Four days later, Nevada announced its first confirmed case of the coronavirus. It’s unclear when the state managed to successfully get on the DCIPHER system. Officials from Nevada declined to comment.
“Maybe Just Kidding”
A key part of the CDC’s strategy during the early days of the outbreak was identifying infected travelers returning from China. The process for screening passengers arriving at Los Angeles International Airport did not go smoothly, the correspondence obtained by ProPublica indicates.
On Feb. 16, a CDC staff member sent a message to colleagues about a buggy electronic traveler screening questionnaire that wouldn’t save correctly, among other issues. Also, the tool’s drop down field auto-populated with “United Kingdom” instead of “United States,” forcing users to type “United States of America.”
The CDC staffer also said the agency was struggling to interview non-English speakers in a timely manner and needed additional interpreters.
“Hello Team,” another CDC staff member responded, offering a solution: “The Google translate App has a real-time voice translation option.”
The screening protocol also wasn’t always clear. On Feb. 29, a CDC officer at LAX sent an email to her colleagues, saying: “In case this comes up again, we are not screening private flights. These would be flights that land at LAX but don’t arrive into the regular terminal … mainly for rich people.”
Just over two hours later, the officer emailed again. “And, maybe just kidding,” she wrote. Information from headquarters seemed to contradict what she had said about private flights, she said.
The CDC told ProPublica that it scaled up the screening almost overnight, so it focused on vetting the largest segment possible of high-risk passengers coming from places like Wuhan, China. The agency trained staff and dealt as best it could with limited staffing and translation services, it said.
“Protecting Americans Is What We Do”
The CDC’s initial response to COVID-19, particularly its failure to initiate swift, widespread testing, has drawn intense criticism.
Nonetheless, the correspondence ProPublica obtained shows that the CDC director, Dr. Robert Redfield, exuded confidence in communications with others at the agency.
On Jan. 28, when the CDC had confirmed five cases of the coronavirus, all in travelers who arrived from outside the country, he emailed colleagues to acknowledge it posed “a very serious public health threat,” but he assured them “the virus is not spreading in the U.S. at this time.”
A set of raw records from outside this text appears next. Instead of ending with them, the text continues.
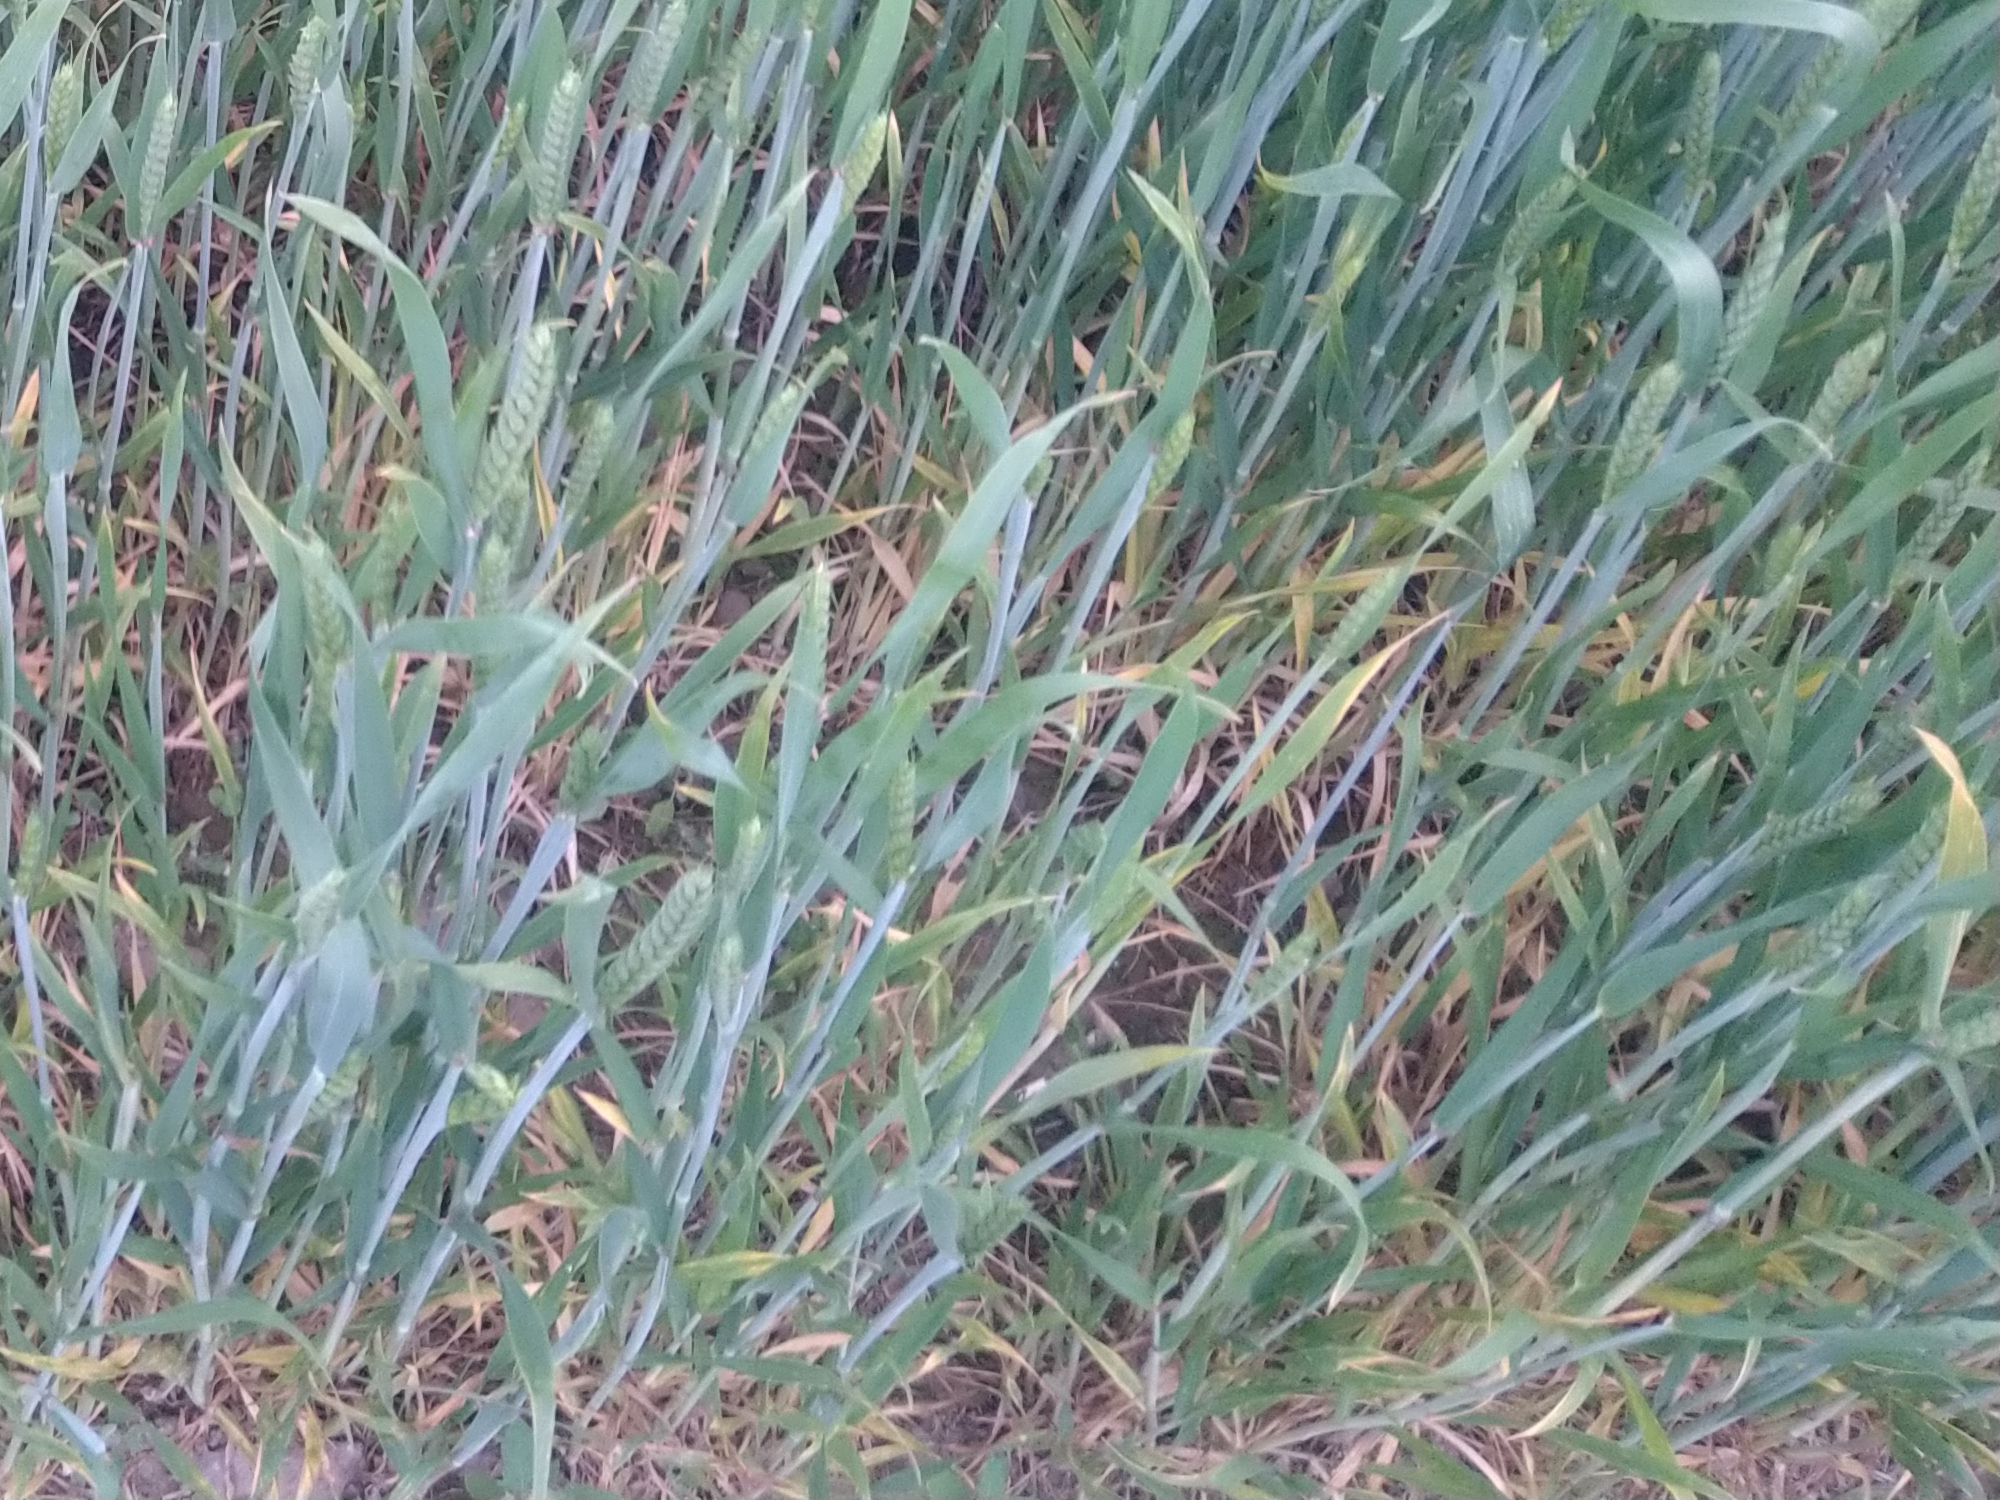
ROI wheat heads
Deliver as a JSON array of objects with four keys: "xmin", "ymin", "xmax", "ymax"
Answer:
[
  {"xmin": 1605, "ymin": 363, "xmax": 1682, "ymax": 500},
  {"xmin": 889, "ymin": 760, "xmax": 916, "ymax": 877},
  {"xmin": 531, "ymin": 73, "xmax": 581, "ymax": 223},
  {"xmin": 597, "ymin": 871, "xmax": 716, "ymax": 1004},
  {"xmin": 1757, "ymin": 780, "xmax": 1882, "ymax": 854},
  {"xmin": 371, "ymin": 505, "xmax": 403, "ymax": 627},
  {"xmin": 1887, "ymin": 804, "xmax": 1952, "ymax": 892},
  {"xmin": 814, "ymin": 565, "xmax": 831, "ymax": 651},
  {"xmin": 311, "ymin": 544, "xmax": 348, "ymax": 651},
  {"xmin": 1503, "ymin": 175, "xmax": 1576, "ymax": 264},
  {"xmin": 493, "ymin": 103, "xmax": 527, "ymax": 166},
  {"xmin": 16, "ymin": 813, "xmax": 44, "ymax": 894},
  {"xmin": 46, "ymin": 65, "xmax": 75, "ymax": 172},
  {"xmin": 1778, "ymin": 42, "xmax": 1847, "ymax": 137},
  {"xmin": 1311, "ymin": 258, "xmax": 1365, "ymax": 330},
  {"xmin": 472, "ymin": 477, "xmax": 534, "ymax": 551},
  {"xmin": 301, "ymin": 643, "xmax": 332, "ymax": 782},
  {"xmin": 961, "ymin": 1195, "xmax": 1032, "ymax": 1257},
  {"xmin": 1895, "ymin": 451, "xmax": 1992, "ymax": 583},
  {"xmin": 458, "ymin": 1064, "xmax": 518, "ymax": 1122},
  {"xmin": 1764, "ymin": 524, "xmax": 1802, "ymax": 591},
  {"xmin": 732, "ymin": 820, "xmax": 762, "ymax": 894},
  {"xmin": 307, "ymin": 1052, "xmax": 367, "ymax": 1120},
  {"xmin": 1332, "ymin": 110, "xmax": 1365, "ymax": 164},
  {"xmin": 746, "ymin": 386, "xmax": 804, "ymax": 459},
  {"xmin": 1948, "ymin": 118, "xmax": 2000, "ymax": 258},
  {"xmin": 476, "ymin": 540, "xmax": 511, "ymax": 681},
  {"xmin": 470, "ymin": 329, "xmax": 558, "ymax": 517},
  {"xmin": 1924, "ymin": 1010, "xmax": 2000, "ymax": 1056},
  {"xmin": 1323, "ymin": 573, "xmax": 1399, "ymax": 658},
  {"xmin": 1026, "ymin": 454, "xmax": 1051, "ymax": 496},
  {"xmin": 840, "ymin": 117, "xmax": 887, "ymax": 212},
  {"xmin": 627, "ymin": 0, "xmax": 689, "ymax": 121},
  {"xmin": 1801, "ymin": 332, "xmax": 1884, "ymax": 454},
  {"xmin": 1781, "ymin": 883, "xmax": 1878, "ymax": 971},
  {"xmin": 566, "ymin": 404, "xmax": 614, "ymax": 516},
  {"xmin": 1251, "ymin": 933, "xmax": 1319, "ymax": 1005},
  {"xmin": 1545, "ymin": 0, "xmax": 1645, "ymax": 50},
  {"xmin": 140, "ymin": 94, "xmax": 177, "ymax": 231},
  {"xmin": 1861, "ymin": 0, "xmax": 1929, "ymax": 47},
  {"xmin": 937, "ymin": 1030, "xmax": 985, "ymax": 1085},
  {"xmin": 1701, "ymin": 216, "xmax": 1789, "ymax": 389},
  {"xmin": 715, "ymin": 938, "xmax": 744, "ymax": 1012},
  {"xmin": 1146, "ymin": 413, "xmax": 1195, "ymax": 501},
  {"xmin": 1684, "ymin": 51, "xmax": 1722, "ymax": 195},
  {"xmin": 296, "ymin": 874, "xmax": 346, "ymax": 953},
  {"xmin": 291, "ymin": 18, "xmax": 324, "ymax": 111},
  {"xmin": 694, "ymin": 29, "xmax": 761, "ymax": 114}
]
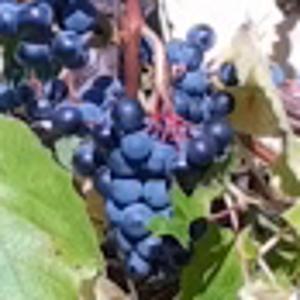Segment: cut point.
Returning a JSON list of instances; mask_svg holds the SVG:
<instances>
[{"label": "cut point", "mask_w": 300, "mask_h": 300, "mask_svg": "<svg viewBox=\"0 0 300 300\" xmlns=\"http://www.w3.org/2000/svg\"><path fill=\"white\" fill-rule=\"evenodd\" d=\"M138 31L153 45L156 58V62L154 63V80L156 82H161L162 80L170 81L172 79V73L167 68V59L163 50L162 40L153 30L148 28L145 22L138 24Z\"/></svg>", "instance_id": "6a23745f"}]
</instances>
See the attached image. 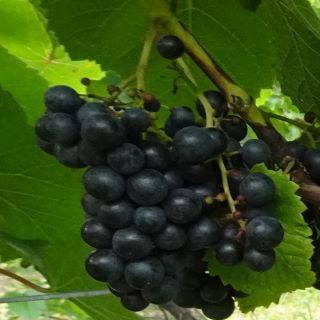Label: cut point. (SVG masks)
<instances>
[{
    "label": "cut point",
    "instance_id": "6a23745f",
    "mask_svg": "<svg viewBox=\"0 0 320 320\" xmlns=\"http://www.w3.org/2000/svg\"><path fill=\"white\" fill-rule=\"evenodd\" d=\"M159 35L160 38H162L163 36L166 35H171L170 31L168 30V28H166L162 23L156 21L155 23L151 24L146 39H145V43L143 46V50H142V54H141V58H140V62L137 68V71L134 75L128 76L123 82H121L115 89L113 95L106 100L105 104L110 105L114 99L117 97V95L121 92V90L126 87L130 82H132L133 80L138 78V88L137 90L139 91H143V93H146L145 87H144V76H143V71L145 69L147 60L149 58V54H150V49H151V45H152V41L155 37V35Z\"/></svg>",
    "mask_w": 320,
    "mask_h": 320
}]
</instances>
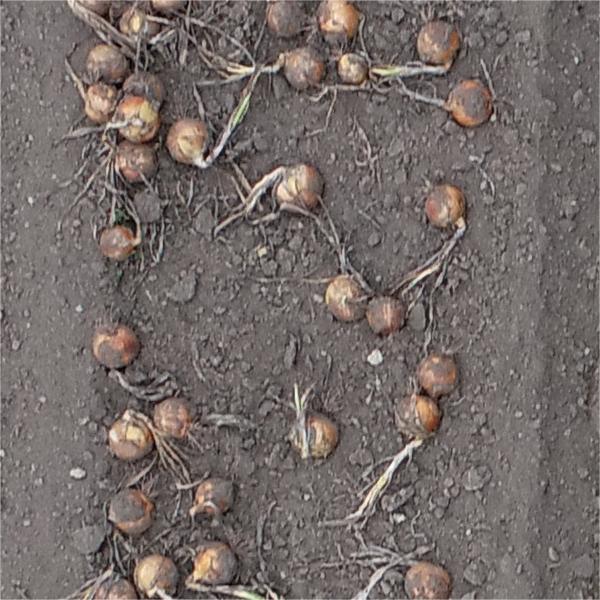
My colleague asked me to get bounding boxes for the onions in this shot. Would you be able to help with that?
[422,185,464,226]
[167,117,208,163]
[443,79,489,126]
[83,83,116,121]
[336,51,369,83]
[97,222,136,258]
[108,484,153,535]
[265,1,302,35]
[108,414,152,459]
[84,573,133,597]
[273,164,320,209]
[151,397,190,437]
[133,552,177,593]
[326,274,364,319]
[400,394,441,430]
[113,139,157,180]
[72,0,108,14]
[193,477,229,516]
[150,0,180,9]
[403,560,449,599]
[112,93,158,140]
[86,42,124,81]
[278,48,322,87]
[290,415,335,456]
[317,1,359,37]
[124,68,162,105]
[91,323,137,366]
[365,294,402,333]
[191,543,233,583]
[417,20,460,65]
[119,7,147,35]
[414,350,456,393]
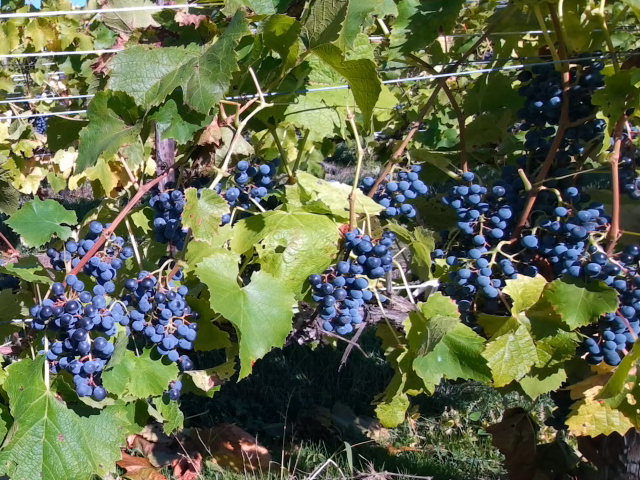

That actually may not have been the case. The CDC confirmed the first case of COVID-19 in Washington on Jan 20. Trevor Bedford, a computational epidemiologist at the Fred Hutchinson Cancer Research Center in Seattle, has said he believes that the virus could have begun circulating in the state immediately after the traveler arrived in mid-January, based on his analysis of genetic data from the initial Washington cases.
The CDC said in its statement that Redfield’s comments were based on the data available at the time. “At no time, did he underestimate the potential for COVID-19 becoming a global pandemic,” the agency’s statement said. “He stated consistently that more cases, including person to person spread, were likely.”
On March 3, Redfield wrote to his staff again, stressing the agency’s readiness, despite the growing evidence that it wasn’t. “We anticipated and prepared for the possible spread of COVID-19 in communities across the United States,” he said in an email.
The CDC said in its statement that Redfield was telling staffers that the agency would continue to be engaged in a sustained response to COVID-19. Redfield’s email was not characterizing the state of the outbreak, the CDC said.
By that point, it was clear that the coronavirus was gaining ground within the country, even if the inability to test for it was obscuring the true numbers. Physicians and public health experts begged for more tests while warning that thousands of cases would soon emerge.
Still, Redfield’s March 3 email struck a reassuring note.
“Confronting global outbreaks and protecting Americans is what we do,” Redfield wrote in the message. “More and more, people are turning to us for guidance, and we respond consistently with evidence-based information and professionalism.”